Introduction (2/10, Blessing of the Trees)

I’ve always had an affinity with trees. In my grandmother’s large yard in East Texas where I grew up were huge, old trees dripping Spanish moss and impossibly tall loblolly pines whose trunks went stories-high before the long-needled pine branches ever appeared in the distance. There was also a magnolia with its oval, glossy, dark green leaves and white, waxy blossoms the size of soup bowls. But the favorite tree in our yard–at least for me and my brothers and sisters–was a middle-sized Chinese Tallow, which we simply called the Climbing Tree, as in: “I’ll meet you in the Climbing Tree after supper.” It had branches that sprouted on alternate sides of the trunk, so that we could scurry up as nimbly as monkeys, which we sometimes pretended to be. From up in this tree, we could see over the roof of our house and down into the backyards of our neighbors, including the swimming pool of our “rich” neighbors two doors down. Each of us had our own favorite perches, where we would straddle a branch, lean against the trunk, swing our skinny legs and talk. Or pelt each other with the hard, inedible berries that grew on the tree in the late summer and fall. Or pretend to be pirates. In this game, we would send the youngest sibling to climb up to “the crow’s nest” in the highest and flimsiest branches to “look out” for enemy ships. It was a test of my poor younger sister’s bravery and common sense, and I can report with relief that she never suffered any disasters despite our foolhardy goading.

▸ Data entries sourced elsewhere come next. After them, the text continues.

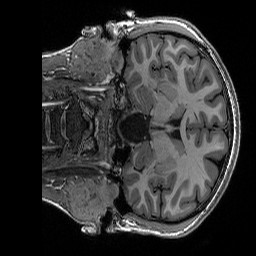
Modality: T1w
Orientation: coronal
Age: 18
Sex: female
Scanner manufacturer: siemens
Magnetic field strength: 3 T
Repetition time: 2.53 s
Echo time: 0.0033 s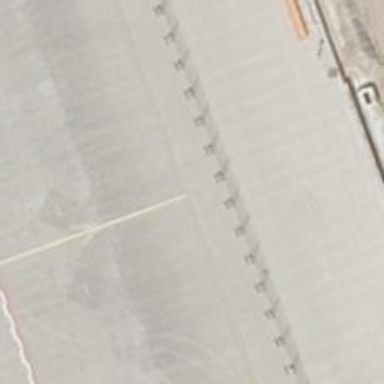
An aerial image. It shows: Parking position at the airport with concrete surface.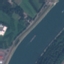
Label: River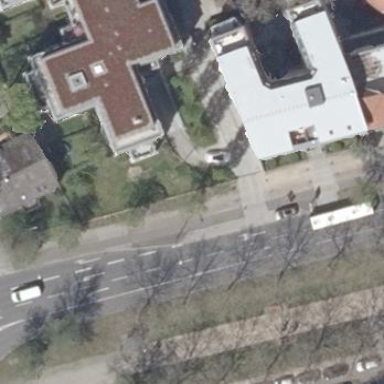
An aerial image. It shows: Gabled roof on building that houses apartments.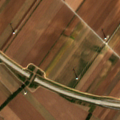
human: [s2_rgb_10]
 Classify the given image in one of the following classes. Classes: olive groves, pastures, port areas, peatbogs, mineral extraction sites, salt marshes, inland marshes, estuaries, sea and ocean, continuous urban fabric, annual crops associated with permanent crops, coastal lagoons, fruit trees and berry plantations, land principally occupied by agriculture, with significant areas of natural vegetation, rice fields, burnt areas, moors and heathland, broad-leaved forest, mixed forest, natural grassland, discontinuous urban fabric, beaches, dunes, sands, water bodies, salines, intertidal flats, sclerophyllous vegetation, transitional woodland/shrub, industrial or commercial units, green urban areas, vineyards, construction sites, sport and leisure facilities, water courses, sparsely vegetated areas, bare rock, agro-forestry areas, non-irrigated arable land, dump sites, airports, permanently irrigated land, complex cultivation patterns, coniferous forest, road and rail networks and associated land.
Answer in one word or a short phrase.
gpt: non-irrigated arable land
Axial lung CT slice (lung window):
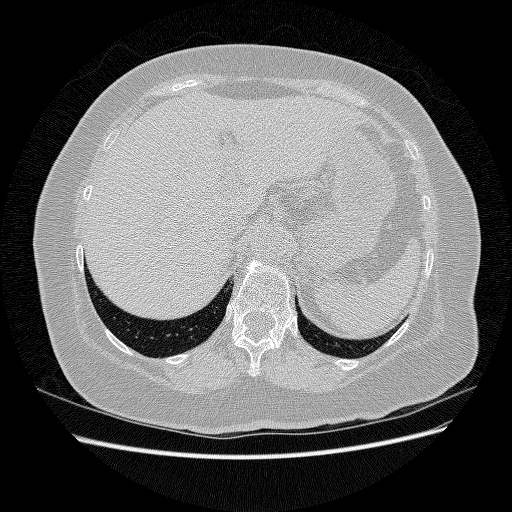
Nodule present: no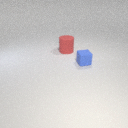
small blue rubber cube in front of large red rubber cylinder

I also went to the tree alone. In a family of nine (three adults and six children), I often craved solitude, to get away from the constant noise and uproar and be left alone with my thoughts. I appreciated the change of perspective up there in the breeze, looking down on the world. And it also provided the only escape, sometimes, from my grandmother’s incessant demands for help with some new household chore: scrubbing mildew off the brick terrace, washing windows, or polishing silver. When I heard her calling my name, I would climb as high into the tree as I dared, and would peer down as she circled behind the garage, looking for me. I held my breath and tried to make myself as small as possible. My grandmother was not an easy woman to outsmart, but that was one small victory that I occasionally won, because she never learned to look up.

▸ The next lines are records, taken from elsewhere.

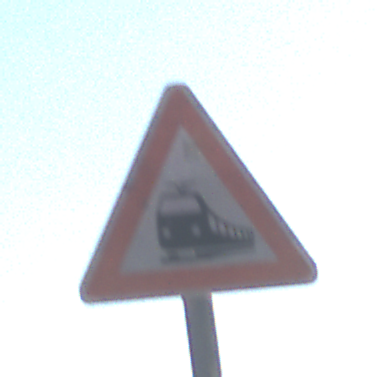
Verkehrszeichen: Bahnuebergang
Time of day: MorningAfternoon
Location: Outdoor (Nature)
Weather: Clear
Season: NotSpecified
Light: Natural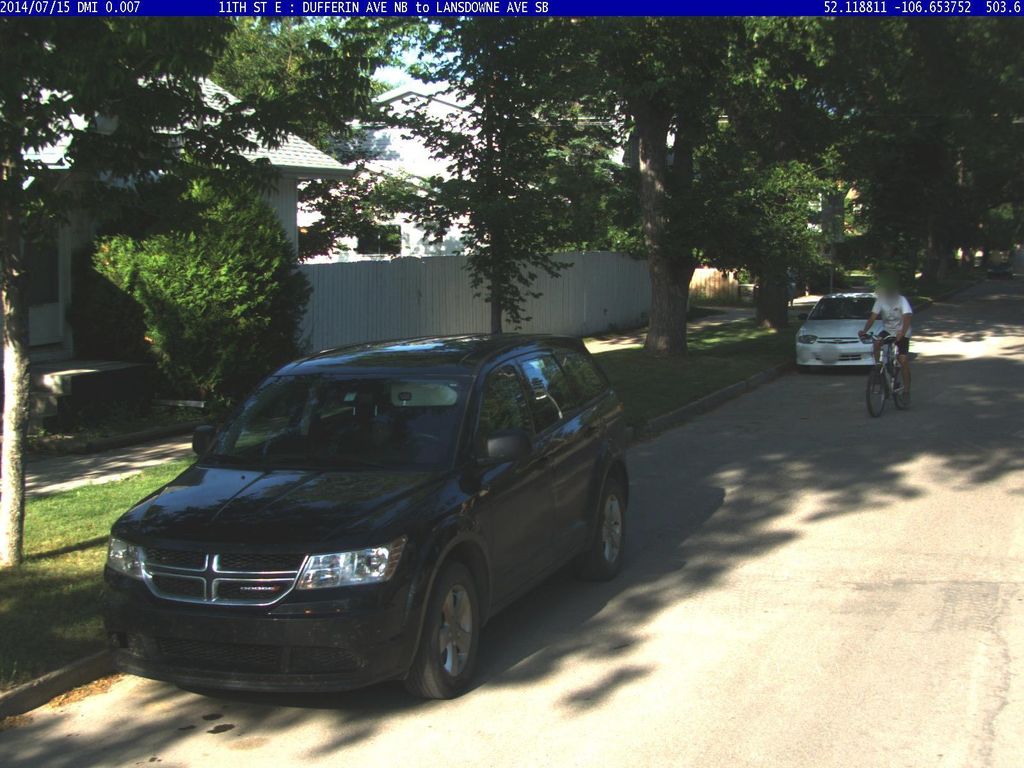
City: saskatoon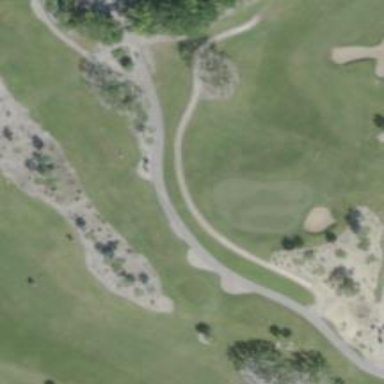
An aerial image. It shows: Footway road used also as golf cart path.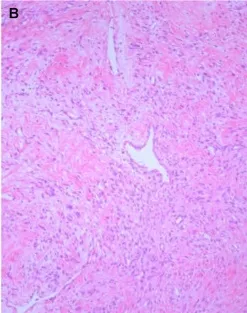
Histological findings. . X100.
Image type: pathology (h&e)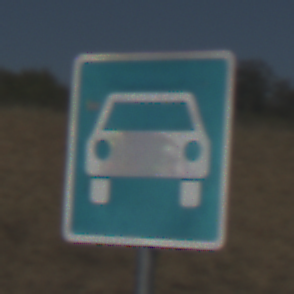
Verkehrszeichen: Kraftfahrstrasse
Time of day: Midday
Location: Outdoor (RoadRail)
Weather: Clear
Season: Summer
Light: Natural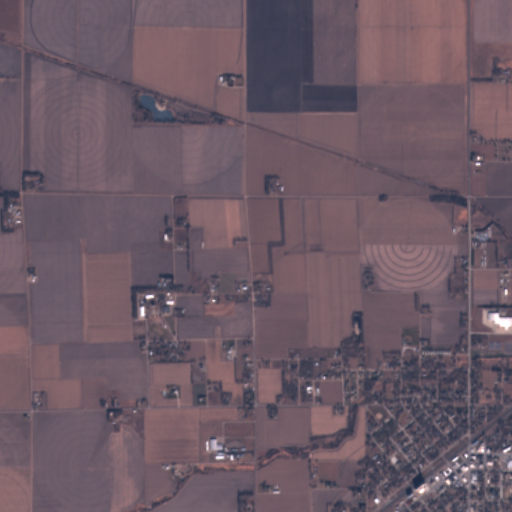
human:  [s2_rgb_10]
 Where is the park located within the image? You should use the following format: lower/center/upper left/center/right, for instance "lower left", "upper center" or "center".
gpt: The park is located in the right of the image.
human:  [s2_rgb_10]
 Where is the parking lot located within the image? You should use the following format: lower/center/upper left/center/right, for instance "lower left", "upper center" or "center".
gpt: The parking lot is located in the lower right of the image.
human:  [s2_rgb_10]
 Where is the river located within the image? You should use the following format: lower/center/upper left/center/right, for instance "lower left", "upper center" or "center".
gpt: The river is located in the right of the image.
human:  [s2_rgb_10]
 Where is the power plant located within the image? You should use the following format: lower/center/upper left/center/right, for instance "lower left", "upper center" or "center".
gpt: There is no power plant in the image.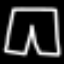
Label: pants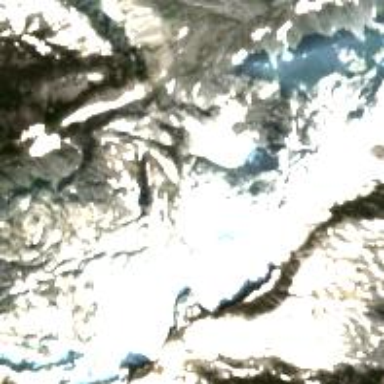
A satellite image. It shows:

*** my daughter and friends enjoying a different climbing tree ***

As an adult, I came to appreciate the beauty of trees, how photogenic a stately oak spreading its limbs across a green lawn can be, the white trunks of a stand of aspen with their golden leaves ablaze in the morning sun, or the bare, twisted skeleton of gnarled mesquite outlined on a hill. It’s more than that, though. Trees are so much more like people than other plants: so individual and distinct, with a lifespan not so unlike our own (some much longer, of course, but not all). You can get to know a tree and interact with it in so many ways: sit in its shade in the summer, seek shelter from the rain, listen to the whisper of the wind in its branches, eat its fruit or nuts, rake its leaves. Trees can become like friends.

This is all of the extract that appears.